#### Records for the task ####
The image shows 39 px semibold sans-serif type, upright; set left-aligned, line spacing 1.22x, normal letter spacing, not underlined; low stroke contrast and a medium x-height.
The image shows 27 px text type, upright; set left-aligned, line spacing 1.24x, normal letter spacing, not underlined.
####
#### Records for the task ####
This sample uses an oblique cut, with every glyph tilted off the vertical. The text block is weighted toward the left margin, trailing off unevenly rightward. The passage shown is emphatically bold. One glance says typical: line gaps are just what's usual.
####
§ **Problem description**:
Here the job is to set down exactly the lines of the material above that fall between the one with "The image shows 39" and the one with "The image shows 27", inclusive, and nothing beyond them.

§ **Exercise answer**:
The image shows 39 px semibold sans-serif type, upright; set left-aligned, line spacing 1.22x, normal letter spacing, not underlined; low stroke contrast and a medium x-height.
The image shows 27 px text type, upright; set left-aligned, line spacing 1.24x, normal letter spacing, not underlined.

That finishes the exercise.